═════ Extracted material
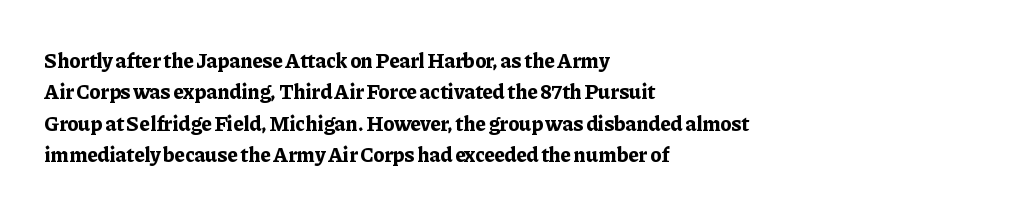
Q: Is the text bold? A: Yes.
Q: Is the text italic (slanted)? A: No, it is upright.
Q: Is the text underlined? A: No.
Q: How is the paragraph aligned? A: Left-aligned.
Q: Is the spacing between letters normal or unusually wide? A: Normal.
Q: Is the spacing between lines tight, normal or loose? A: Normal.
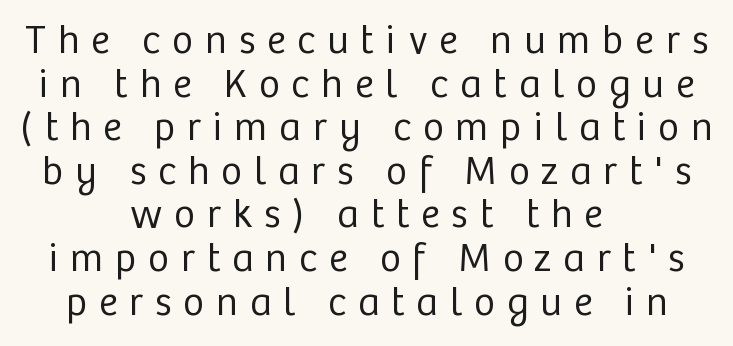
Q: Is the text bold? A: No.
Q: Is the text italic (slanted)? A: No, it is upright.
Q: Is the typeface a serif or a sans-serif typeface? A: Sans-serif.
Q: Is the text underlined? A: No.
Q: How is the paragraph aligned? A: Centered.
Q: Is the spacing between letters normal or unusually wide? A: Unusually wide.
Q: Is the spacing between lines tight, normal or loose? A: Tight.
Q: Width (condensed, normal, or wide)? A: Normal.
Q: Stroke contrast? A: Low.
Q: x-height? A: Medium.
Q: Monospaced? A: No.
══════════
═════ Extracted material
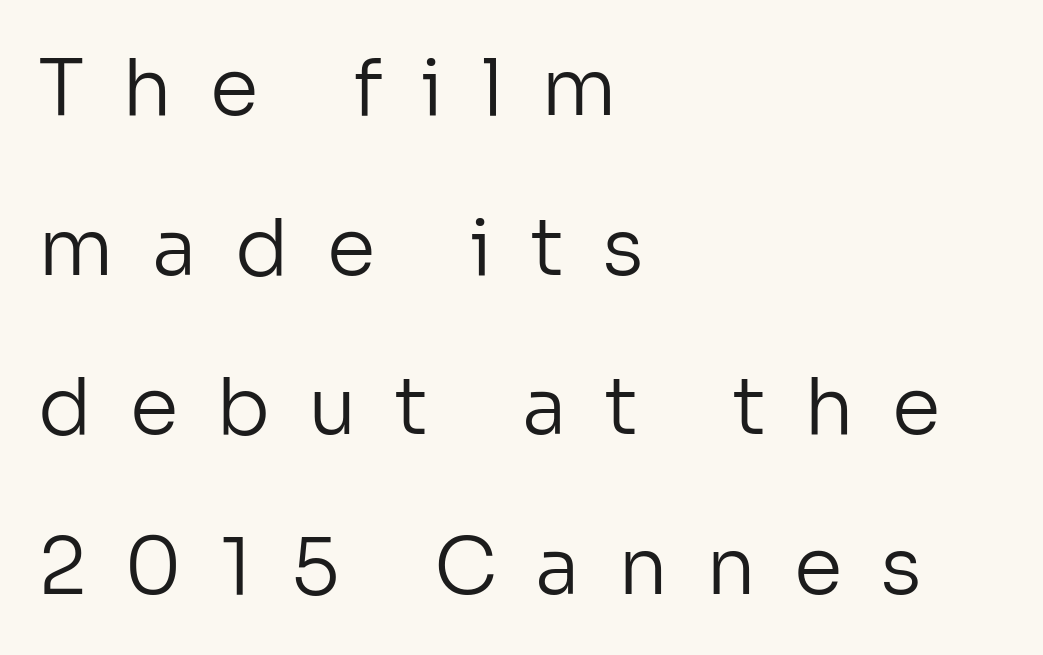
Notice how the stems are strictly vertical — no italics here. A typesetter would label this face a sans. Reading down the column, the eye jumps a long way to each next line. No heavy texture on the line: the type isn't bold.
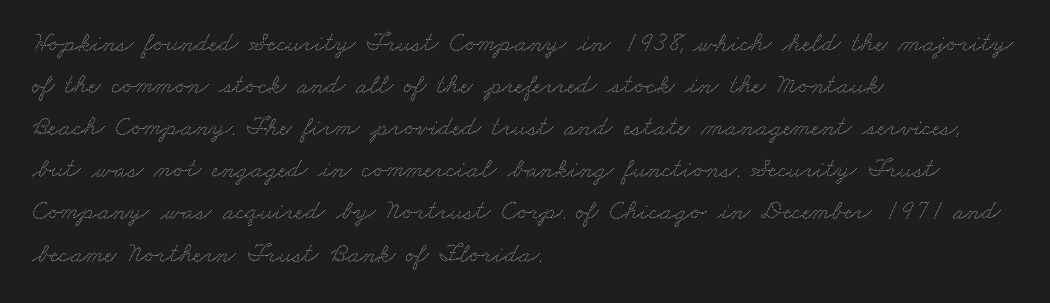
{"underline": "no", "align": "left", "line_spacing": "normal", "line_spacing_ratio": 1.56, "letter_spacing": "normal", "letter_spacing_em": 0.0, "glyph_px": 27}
══════════
» **What the task asks**
Transcribe only the lines above that start at the line containing "Q: Is the text bold? A: Yes." and end at the line containing "Q: x-height? A: Medium.". Omit pictures.

» **Problem solution**
Q: Is the text bold? A: Yes.
Q: Is the text italic (slanted)? A: No, it is upright.
Q: Is the text underlined? A: No.
Q: How is the paragraph aligned? A: Left-aligned.
Q: Is the spacing between letters normal or unusually wide? A: Normal.
Q: Is the spacing between lines tight, normal or loose? A: Normal.
Q: Is the text bold? A: No.
Q: Is the text italic (slanted)? A: No, it is upright.
Q: Is the typeface a serif or a sans-serif typeface? A: Sans-serif.
Q: Is the text underlined? A: No.
Q: How is the paragraph aligned? A: Centered.
Q: Is the spacing between letters normal or unusually wide? A: Unusually wide.
Q: Is the spacing between lines tight, normal or loose? A: Tight.
Q: Width (condensed, normal, or wide)? A: Normal.
Q: Stroke contrast? A: Low.
Q: x-height? A: Medium.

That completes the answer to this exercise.